Being Customer Centric
One of the most common habits I notice when people start talking about their businesses is that they immediately begin listing their qualifications, accreditations, and the various courses they’ve completed over the years. It’s completely understandable. Training takes time, effort and investment, so of course we feel proud of it and want people to know about it.
The difficulty is that when a potential client first discovers your work, they are rarely thinking about your certificates or professional memberships. What they are thinking about is their own situation.
They might be tired, worried, uncomfortable, or struggling with something that has been weighing on them for quite some time. Perhaps they have been searching online for answers, speaking to friends, or quietly wondering whether anyone can help them feel better.
At that moment, they are not asking themselves, “How many courses has this person taken?” They are asking something much simpler.
“Can this person help me?”
This is where the idea of being customer-centric becomes so important. A customer-centred business doesn’t begin by explaining everything the practitioner can offer. Instead, it begins by showing that the practitioner understands what the client is experiencing.
Very often this means shifting the language we use. Instead of describing our work in technical terms, we start by talking about the kinds of situations people find themselves in.

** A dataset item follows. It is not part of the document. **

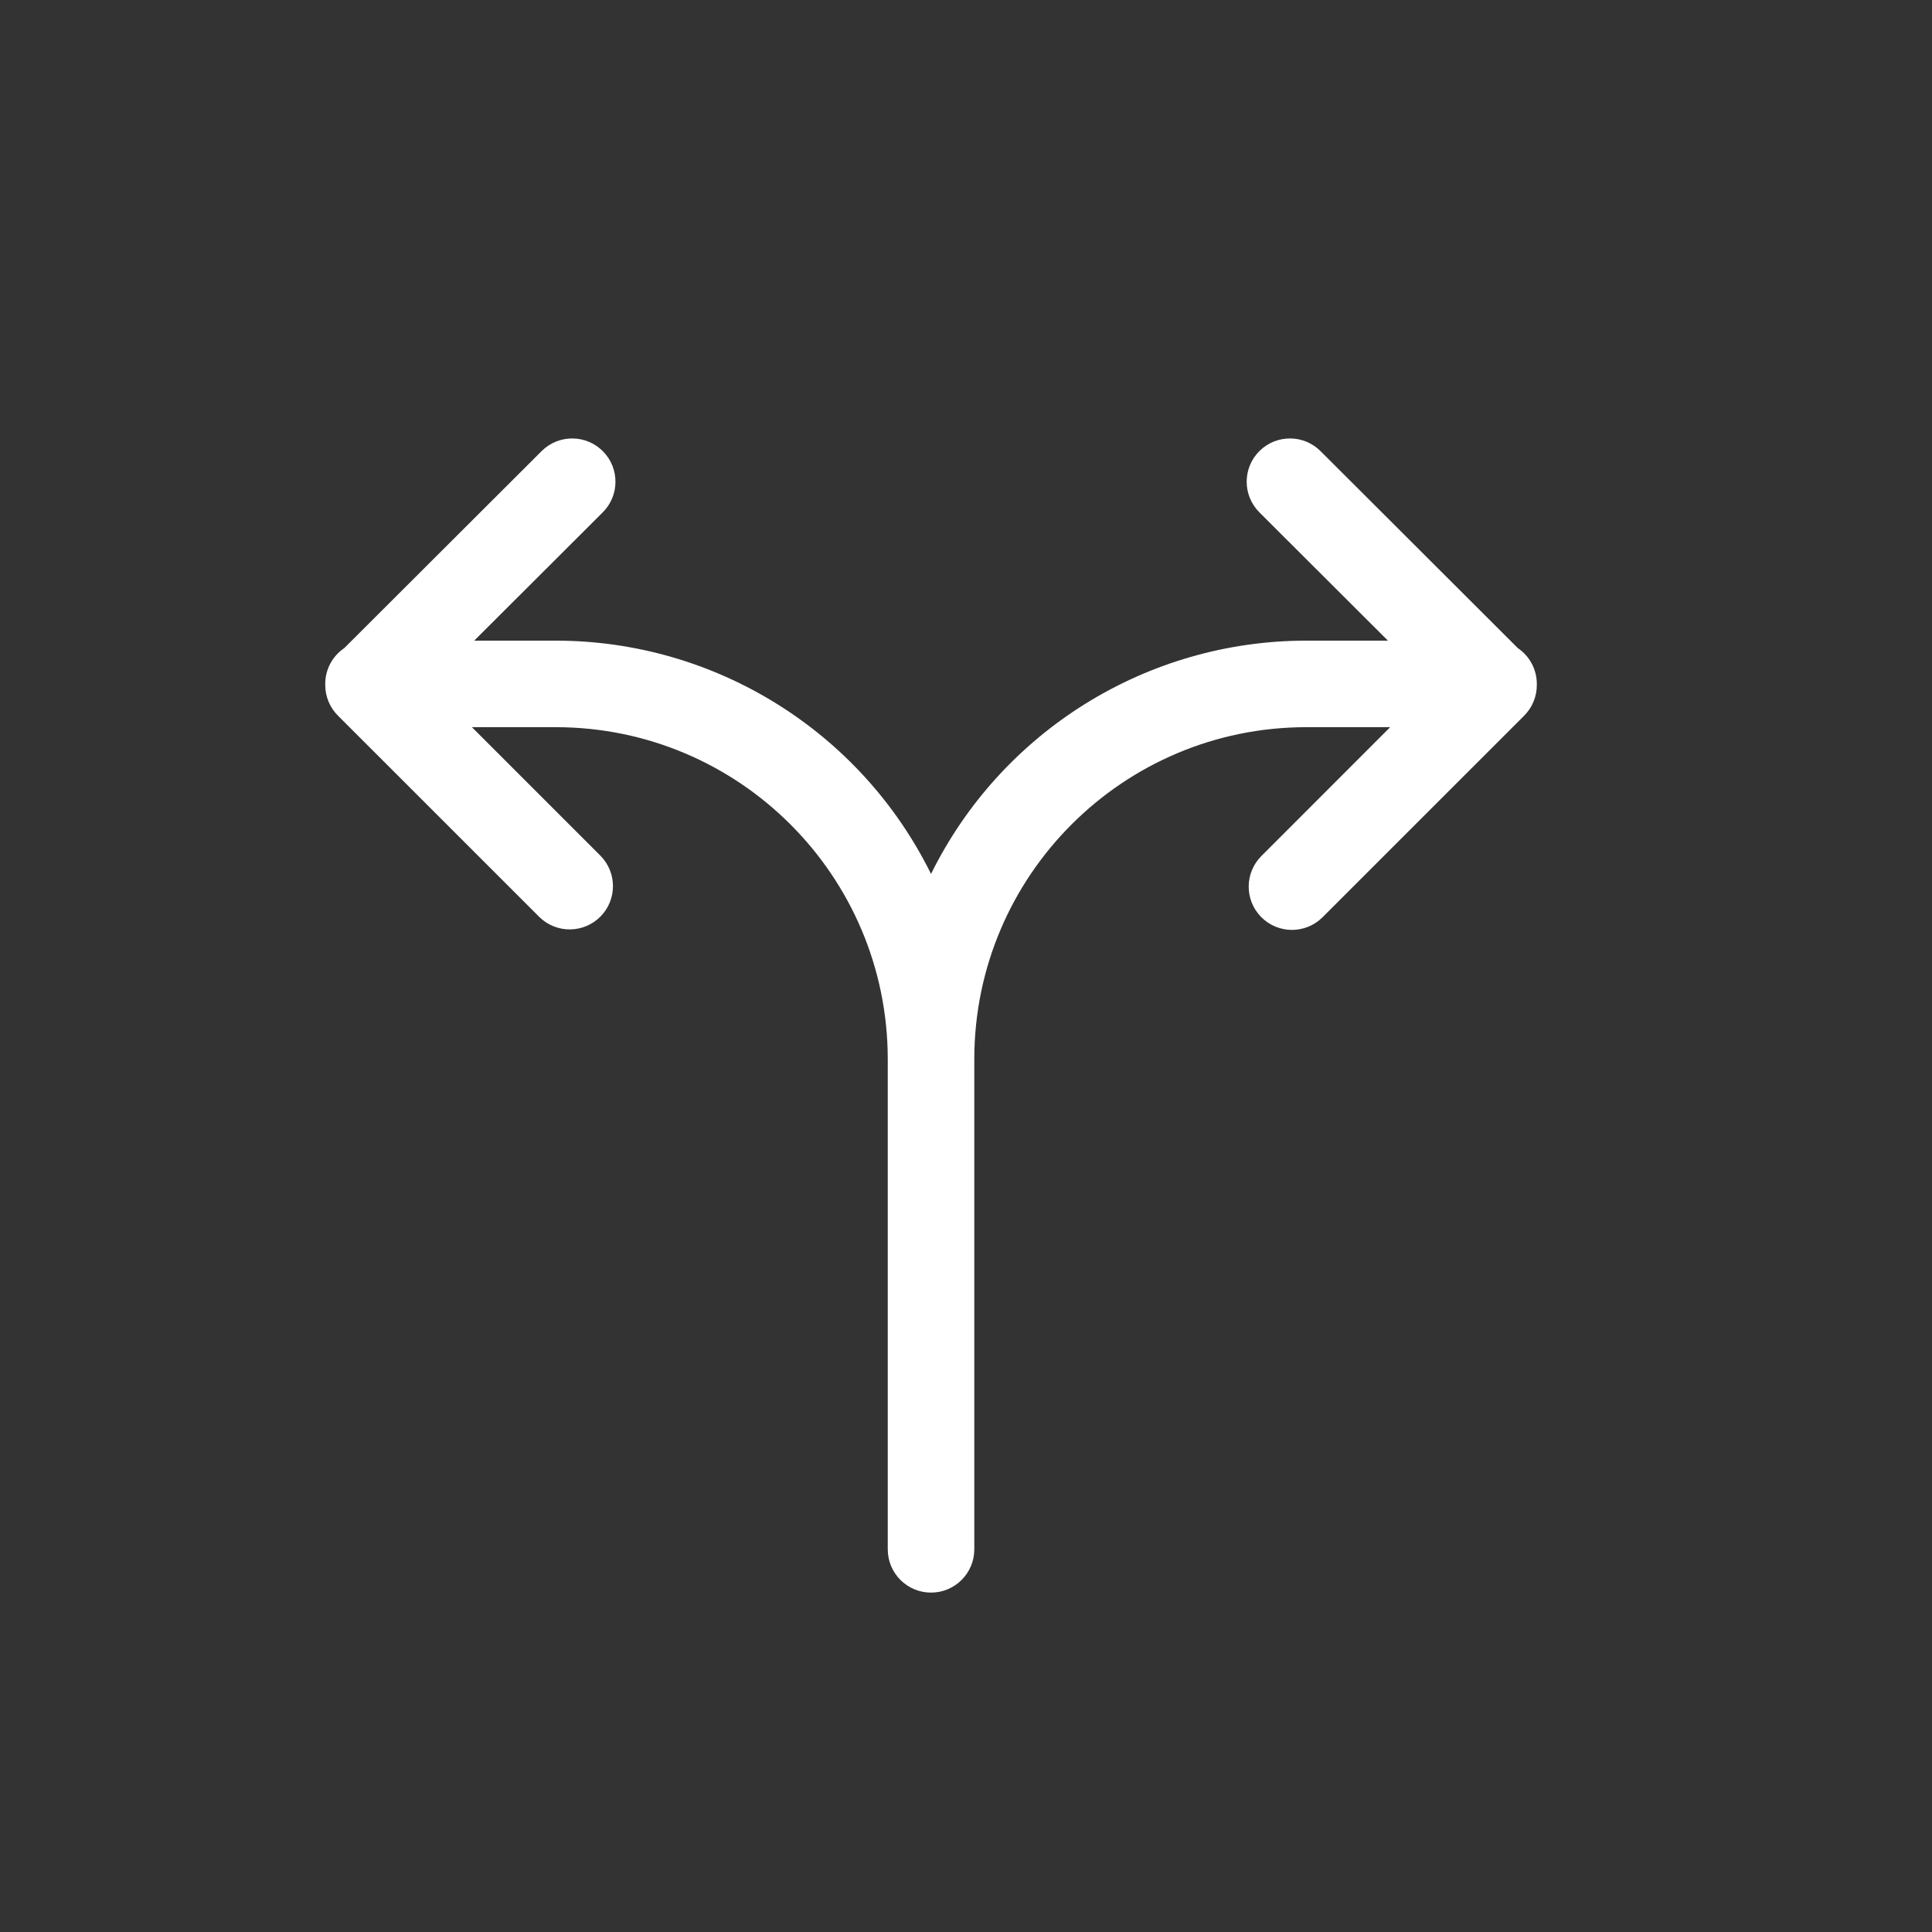 <svg width="277" height="277" xmlns="http://www.w3.org/2000/svg" xmlns:xlink="http://www.w3.org/1999/xlink" xml:space="preserve" overflow="hidden"><rect width="100%" height="100%" fill="#333333" stroke="none"/><g transform="translate(-38 -36)"><g><g><path d="M186.12 51.7C186.119 49.643 185.099 47.721 183.396 46.567L155.143 18.358C152.738 15.917 148.81 15.889 146.37 18.294 143.929 20.699 143.901 24.627 146.306 27.067 146.33 27.091 146.353 27.115 146.377 27.138L164.77 45.496 153.032 45.496C130.208 45.519 109.372 58.48 99.264 78.944 89.156 58.48 68.32 45.518 45.496 45.496L33.77 45.496 52.163 27.138C54.608 24.737 54.642 20.809 52.242 18.365 49.84 15.921 45.913 15.886 43.468 18.287 43.444 18.31 43.42 18.334 43.397 18.358L15.136 46.567C13.43 47.718 12.408 49.642 12.408 51.7 12.408 51.727 12.408 51.75 12.408 51.776 12.408 51.803 12.408 51.828 12.408 51.853 12.407 53.502 13.062 55.084 14.23 56.25L43.105 85.117C45.547 87.52 49.476 87.489 51.879 85.046 54.255 82.632 54.255 78.759 51.88 76.344L33.44 57.904 45.496 57.904C71.752 57.934 93.03 79.211 93.06 105.468L93.06 175.78C93.06 179.206 95.838 181.984 99.264 181.984L99.264 181.984C102.69 181.984 105.468 179.206 105.468 175.78L105.468 105.468C105.496 79.211 126.775 57.932 153.032 57.904L165.092 57.904 146.662 76.344C144.22 78.748 144.189 82.676 146.592 85.118 148.995 87.56 152.923 87.591 155.365 85.188 155.39 85.165 155.413 85.141 155.437 85.117L184.31 56.25C185.473 55.082 186.124 53.501 186.12 51.853 186.12 51.828 186.12 51.801 186.12 51.776 186.12 51.752 186.12 51.727 186.12 51.7Z" fill="#FFFFFF" transform="matrix(1 0 0 1 72.222 82.355)"/></g></g></g></svg>

For example, rather than leading with a detailed explanation of the methods you practise, you might simply acknowledge what many people are dealing with: feeling constantly exhausted, struggling to manage stress, losing confidence, experiencing ongoing discomfort, or trying to make sense of changes happening in their body or life.
When people recognise themselves in those words, something important happens. They feel understood. They begin to trust that the person speaking may genuinely understand what they are going through.
Another important part of becoming customer-centred is learning to listen carefully before designing new services. Many business owners start from the perspective of asking themselves what they would enjoy offering, or what they have recently trained in and would now like to practise. While there is nothing wrong with enthusiasm for your work, the most sustainable businesses are often built in response to real problems people are already facing.
Those problems become clear when we take the time to have conversations and ask thoughtful questions. Clients often tell us quite openly what they are struggling with. They talk about feeling overwhelmed, finding it difficult to sleep, feeling disconnected from themselves, or simply not knowing where to start when they want things to improve.
Those are the clues
When you hear similar themes appearing again and again, those are valuable clues. They are pointing you towards the areas where people genuinely need help.
Your role as a practitioner is not simply to deliver a service that you enjoy offering. It is to take those concerns seriously and ask yourself how your knowledge and experience might help address them in a meaningful way.
When your business begins from that place of listening and understanding, your communication naturally becomes clearer. Potential clients can see themselves in what you say, and conversations about your work feel much easier and more natural. You are no longer trying to convince people that your qualifications are impressive. Instead, you are demonstrating that you recognise what they are experiencing and that you may be able to help them move forward.
In the wellbeing world especially, this approach matters enormously. People are often reaching out at moments when they feel vulnerable or uncertain. They are looking for someone who understands their situation, not someone who simply lists a set of credentials.
A useful question to come back to from time to time is a very simple one: What problem am I helping people solve? When you can answer that clearly, using everyday language rather than technical descriptions, your business becomes easier for people to understand and far easier for the right clients to find.
After all, most people are not actively searching for a particular modality or method. What they are searching for is relief, clarity, support, or a way to feel better than they do today. When your business speaks directly to that need, you are far more likely to attract the people who will genuinely benefit from your work.